Top of EXERCISE INPUTS

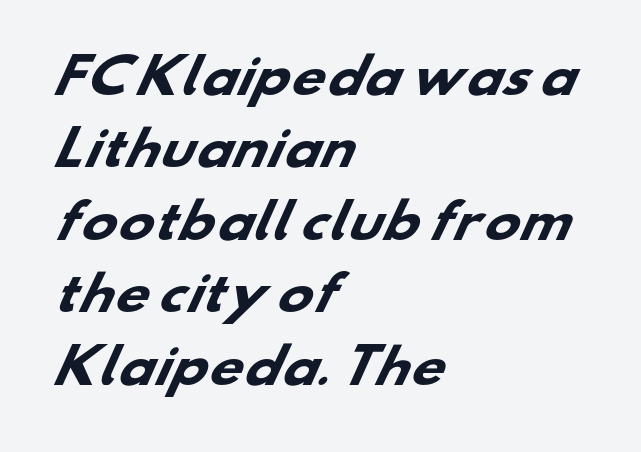
The letters sit at their default tracking, neither squeezed nor spread. Quick note: underline off. The compositor pushed each line to the left boundary. Interline gaps are of average width in this sample.
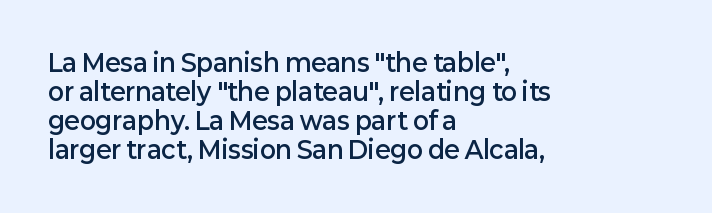
{"italic": "no", "bold": "semi", "underline": "no", "align": "left", "line_spacing_ratio": 1.21, "letter_spacing": "normal", "letter_spacing_em": 0.0, "glyph_px": 24}
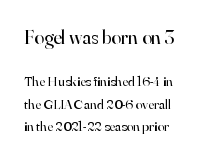
{"italic": "no", "bold": "no", "underline": "no", "align": "left", "line_spacing": "normal", "line_spacing_ratio": 1.61, "letter_spacing": "normal", "letter_spacing_em": 0.0, "larger_block": "first", "size_ratio": 1.43, "glyph_px": 20}
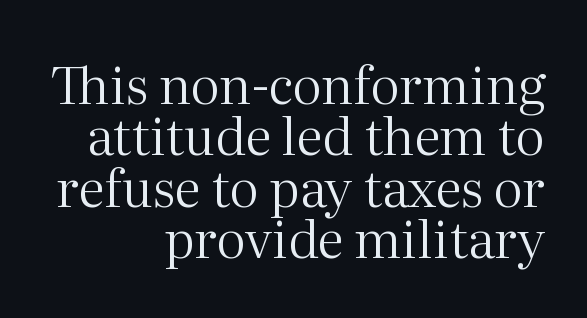
Looks like regular typesetting: each glyph gets only the width it needs. The leading is snug, giving the passage a crowded texture. Lines of text with bare space underneath. Vertical stems look standard width or narrower in stroke.
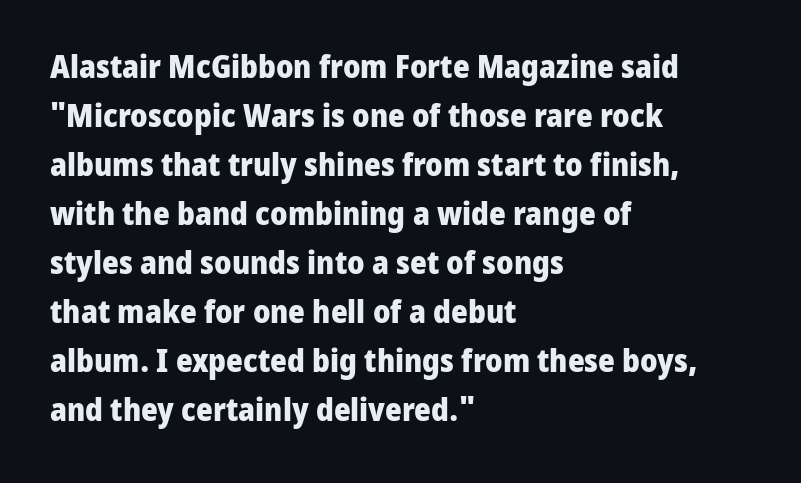
The image shows 32 px heavy sans-serif type, upright; set left-aligned, normal line spacing (1.53x), normal letter spacing, not underlined; low stroke contrast and a medium x-height.
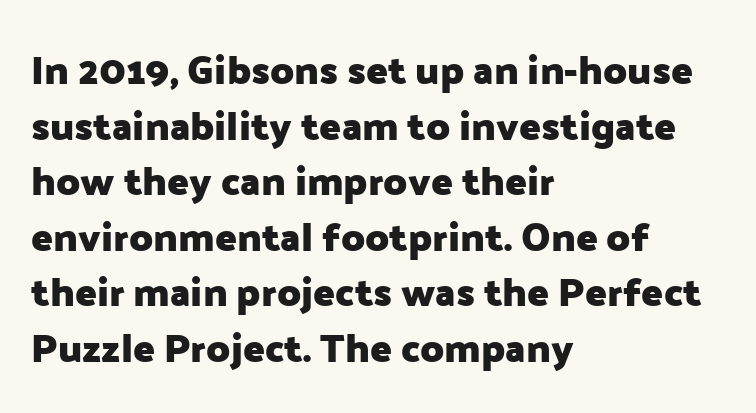
Q: Is the text bold? A: Yes.
Q: Is the text italic (slanted)? A: No, it is upright.
Q: Is the typeface a serif or a sans-serif typeface? A: Sans-serif.
Q: Is the text underlined? A: No.
Q: How is the paragraph aligned? A: Left-aligned.
Q: Is the spacing between letters normal or unusually wide? A: Normal.
Q: Is the spacing between lines tight, normal or loose? A: Normal.
Q: Width (condensed, normal, or wide)? A: Normal.
Q: Stroke contrast? A: Low.
Q: x-height? A: Medium.
Q: Monospaced? A: No.
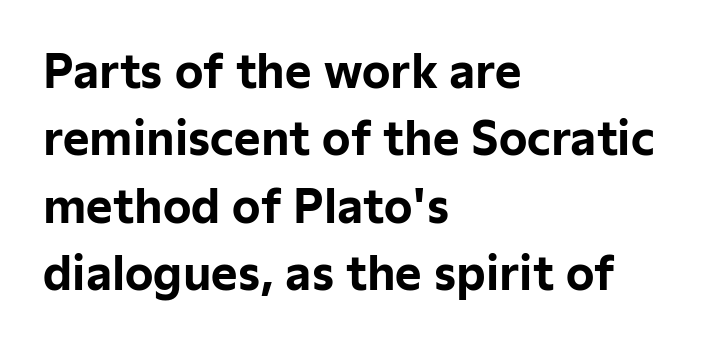
{"serif": "no", "italic": "no", "bold": "yes", "weight": "bold", "width": "normal", "stroke_contrast": "low", "x_height": "medium", "monospaced": "no", "underline": "no", "align": "left", "line_spacing": "normal", "line_spacing_ratio": 1.5, "letter_spacing": "normal", "letter_spacing_em": 0.0, "glyph_px": 45}

Bottom of EXERCISE INPUTS

Every line from the one containing "Q: Stroke contrast? A: Low." through the end of the entries above, both included, should be extracted exactly, with pictures left out.

■ **EXERCISE SOLUTION**:
Q: Stroke contrast? A: Low.
Q: x-height? A: Medium.
Q: Monospaced? A: No.
{"serif": "no", "italic": "no", "bold": "yes", "weight": "bold", "width": "normal", "stroke_contrast": "low", "x_height": "medium", "monospaced": "no", "underline": "no", "align": "left", "line_spacing": "normal", "line_spacing_ratio": 1.5, "letter_spacing": "normal", "letter_spacing_em": 0.0, "glyph_px": 45}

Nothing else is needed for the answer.